I am NOW fully recovered from a bout of pain and inconvenience and trust you will be edified by the latest edition of The Almanac.
Master Peregrine has offered another selection of humorous quips (his words) and I have coloured these in so the serious-minded reader can pass over them and concentrate on weightier matters.
No murders this week but I do reveal the injuries caused by…
It is NATURAL for any woman to want to look her best , but do not be TEMPTED to wash your hair except in cases of EXTREMNE emergency. (For example, getting caught in the middle of a cow dung fight in a field. Farm boys have a very odd sense of humour.)
Wetting it with water promotes catarrh and headaches. It can even cause the root to swell, making hair lifeless, prone to breaking and even – dread thought! – falling out.
If you must, use rosemary water which is easily made by pouring boiling water over handfuls of the herb, and straining it after it has cooled.
When were there only two vowels?
In the days of No-a and his ark, before U and I were born
Never use soap on your hair.
I repeat NEVER use soap.
It will leave it dry and brittle and make your scalp scratchy and sore.
It will also impart a greenish tinge to light coloured hair. Not a good look.

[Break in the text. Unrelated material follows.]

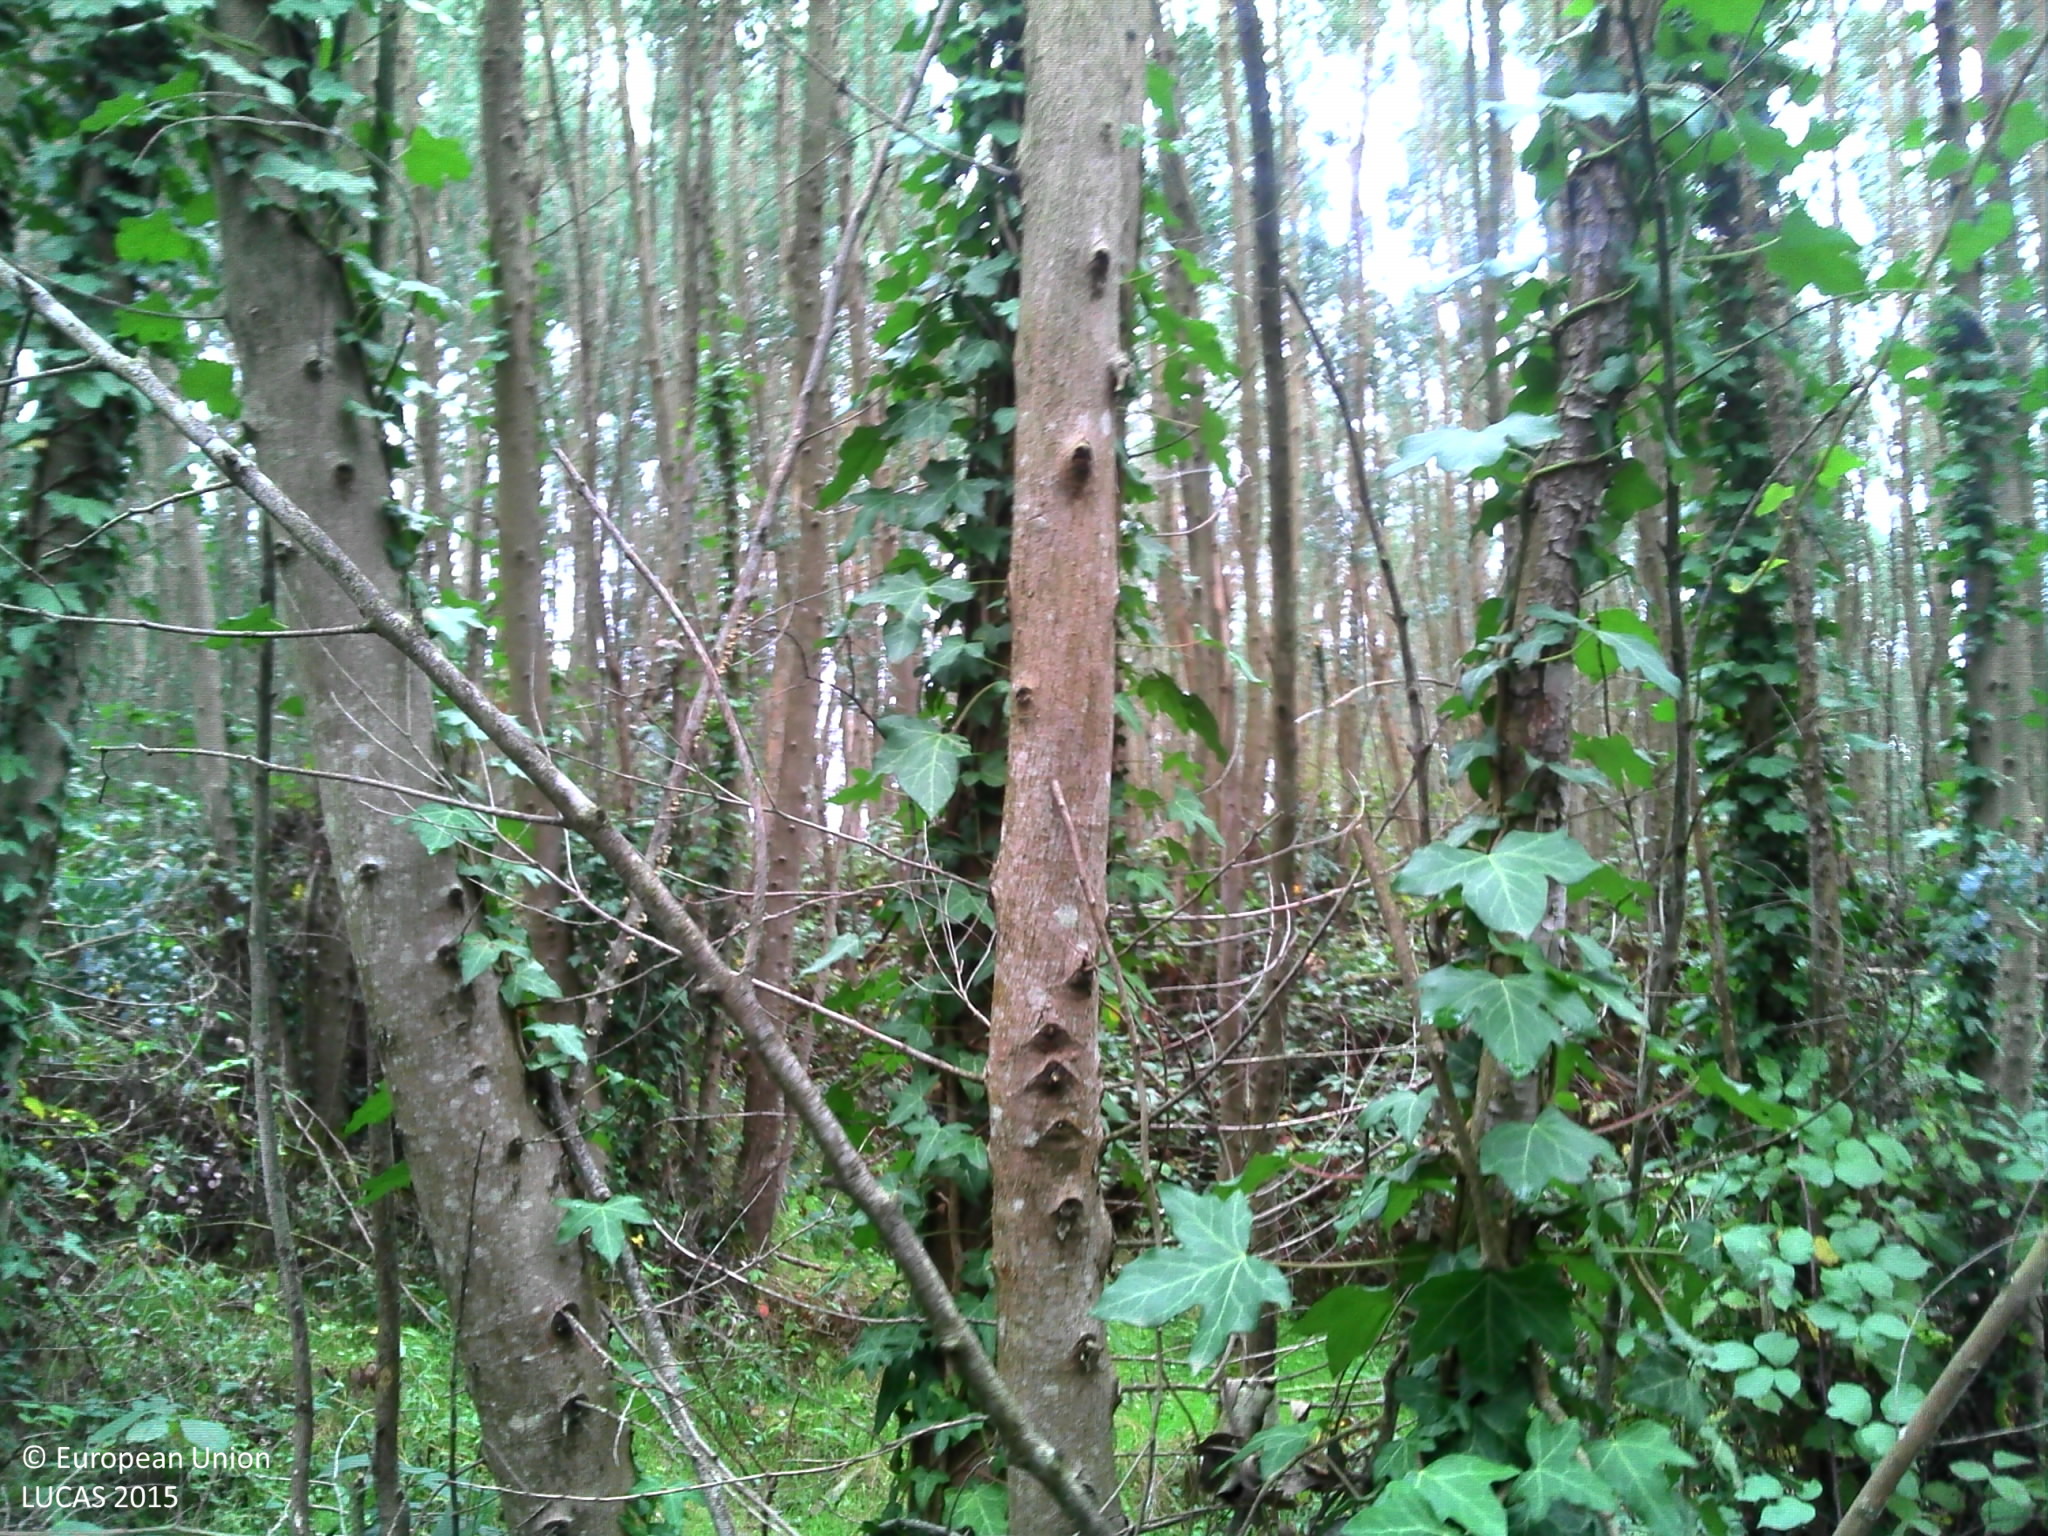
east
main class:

CLEANING your hair thoroughly, however, has never been more important.
We reside in dirty, sooty town and cities and in the countryside we live alongside nature and sometimes nature wants to get even closer.
Morning and night drape a cloth around your shoulders on which to spread your hair. Use your fingers to get rid of snarls and knots and comb out any remaining tangles. Then pick up your brush.
A thorough brushing will take a full five minutes and will not only remove the daily debris (have a look at the cloth afterwards – you will be surprised what you find) but also spread natural hair oils along each strand right to the tips.
The result is clean, glossy hair.
If you find nature has been a little mean when it comes to fluids I am not against using a little castor oil to which you can add herbs for a more pleasant aroma. But I am an opponent of mutton fat. It should come nowhere near your head, except perhaps your lips.
What is the difference between a beehive and a diseased potato?
None. They are both quite the same as one is a beeholder and the other is a speck’d tatur.
St Rocco Feast day August 16
In the last edition I mentioned a MOST untrustworthy saint who became the patron of MAD dogs and deserved no better. This time came I want to introduce the patron saint of ordinary dogs – the kind you can pat on the head WITHOUT having your hand ripped off.

St Rocco sounds a thoroughly decent chap except, to be honest, I don’t think he had the SENSE he was born with, but more on that later.
He came from a wealthy family in Montpellier, France and had an UNUSUAL birthmark – the sign of the cross on his chest. Then the inevitable happened: his parents died, he renounced riches and power and went on long journeys doing good. This was the time of the plague and doing good meant nursing victims of the BLACK DEATH.
It was said he could cure by simply making the sign of the cross. On the way back home, he caught the plague himself and holed up in a cave waiting to die.
He didn’t because a dog he didn’t know or TRAIN visited him every day with food.

Paintings of the saint usually show him next to a dog with a loaf in its mouth and his LEFT leg bare to indicate where the plague boils festered.
That would be enough for one man/saint but when he got home to Montpellier he was THROWN in prison by his uncle who didn’t recognise him and thought he was a spy. Aha, you might think, that’s where the birthmark comes in.
Not a bit of it!
Rocco was in prison for five years and the birthmark was only discovered AFTER his death.
You’d think he would have had the wit to say SOMETHING or leave his tunic hanging open.
There you have it: patron saint of dogs, the plague, pandemics and Batchelors. I would add mistaken identity and those who are a bit SLOW coming forward.
What tune is best?
Fortune, especially when made up of sovereigns
Perhaps I am being UNFAIR to poor St Rocco. Perhaps he was just a tad dumfungled from all his good deeds and being ill himself. It is a VERY good word to use about anyone who is worn out and entirely drained of energy.
Dear Reader
You MAY be interested to know that I shall be in Brunswick Square in West Brighton, near the village of Hove, next Saturday 19th August with fellow members of staff. There is a festival going on from 12 noon until past my bedtime. Do come by and say Good Day but best make it before 4pm after which time I shall be thoroughly dumfungled myself.
The Regency Town House is also OPEN all next weekend. You may go in and look (the Mistress is away at the moment.)

I must sign off now as there is a good deal of housework to be done between NOW and then.
Your Obedient Servant
Mrs Finnegan

thank you for the extremely important hair warnings, I will commence with getting a towel over my shoulders and heartily give my hair a good brushing, hoping to rid it of all of the day’s debris
Do let us know if you find anything interesting.